Going into talks with no commitment to the pay increases again gave away the only leverage they have.

Section 39 workers in Northside Home Care recently were on strike over pay and will continue with their dispute unresolved. Other care workers in Blanchardstown and Inner City Home Care were also on strike with further strikes planned.

Nurses in Naas General Hospital voted for industrial action in February of this year over unsafe staffing levels.

Unions surveyed healthcare workers in 2024 and “88% of those who took part in the survey said there is a vacancy in their department. 74% said the vacancies were having a “very negative impact” on services” Another 2024 survey of healthcare workers had 68% reporting that they experienced illness due to work-related stress and 67% of workers reported that they are considering leaving their role.

Why are public hospitals in crisis?

Ireland is well below the OECD average spend on our health service – in 2022 health expenditure was 6.1% of GDP compared with the OECD average of 9.2%. But even when money is spent it’s going into private hands through outsourcing.

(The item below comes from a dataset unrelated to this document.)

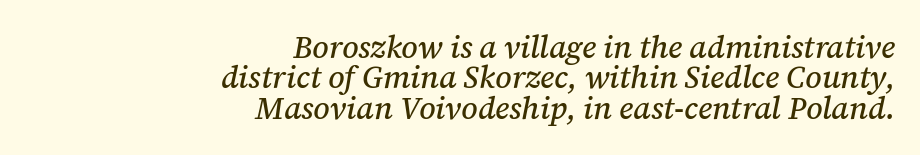
{"serif": "yes", "italic": "yes", "lean": "right", "slant_degrees": 12, "width": "normal", "stroke_contrast": "medium", "x_height": "medium", "monospaced": "no", "underline": "no", "align": "right", "line_spacing": "tight", "line_spacing_ratio": 0.98, "letter_spacing": "normal", "letter_spacing_em": 0.0, "glyph_px": 31}

Spending was brutally cut in the 10 years post 2008 financial crash. The HSE was working with less staff, fewer hospital beds and a budget that had to deal with more people as the population grew.

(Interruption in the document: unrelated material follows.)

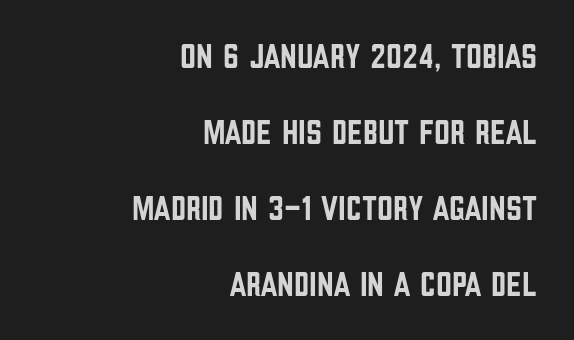
The image shows 35 px condensed sans-serif type, upright; set right-aligned, loose line spacing (2.17x), normal letter spacing, not underlined; low stroke contrast and a large x-height.

The financial crisis was used as an excuse to ram through reforms aimed at privatising the health service. Fianna Fail and Fine Gael governments, with help from Labour and the Greens, drove this to line the pockets of wealthy private companies and individuals like Dennis O’Brien who runs many private hospitals.

Today access for most of the population to both hospital and GP care depends on the person’s ability to pay. The creation of an Irish NHS has been long touted by left parties in Ireland as an end goal to fix the health system.

A socialised health system in isolation in an Irish capitalist state will not work long term. It would not survive in a system where a small minority of people hold incredible wealth and power. It would always be under threat from the market.

A real Irish NHS public health service would need to be part of an overall Irish socialist state with workers in the driving seat. Unless workers call the shots every health service is under threat from the market.

What can we do?

Health workers need to get active in their unions and take positions of leadership. We need to push our unions for more militant action. What we need is workers in the driving seat of our unions with a recallable leadership that can be held to account.

We are at war with a boss class that does not prioritise our interests. We as workers should have control of our workplaces, of our industries, of society and our economy and run it in a truly democratic way.

We need a trade union and political workers’ movement that is working towards dismantling the current oppressive neo-liberal state. The task ahead for socialists is to transform all these sporadic and unconnected strikes and disputes into one single battle, into conscious class struggle.

It starts by supporting the nurses’ strike at Cork University Hospital.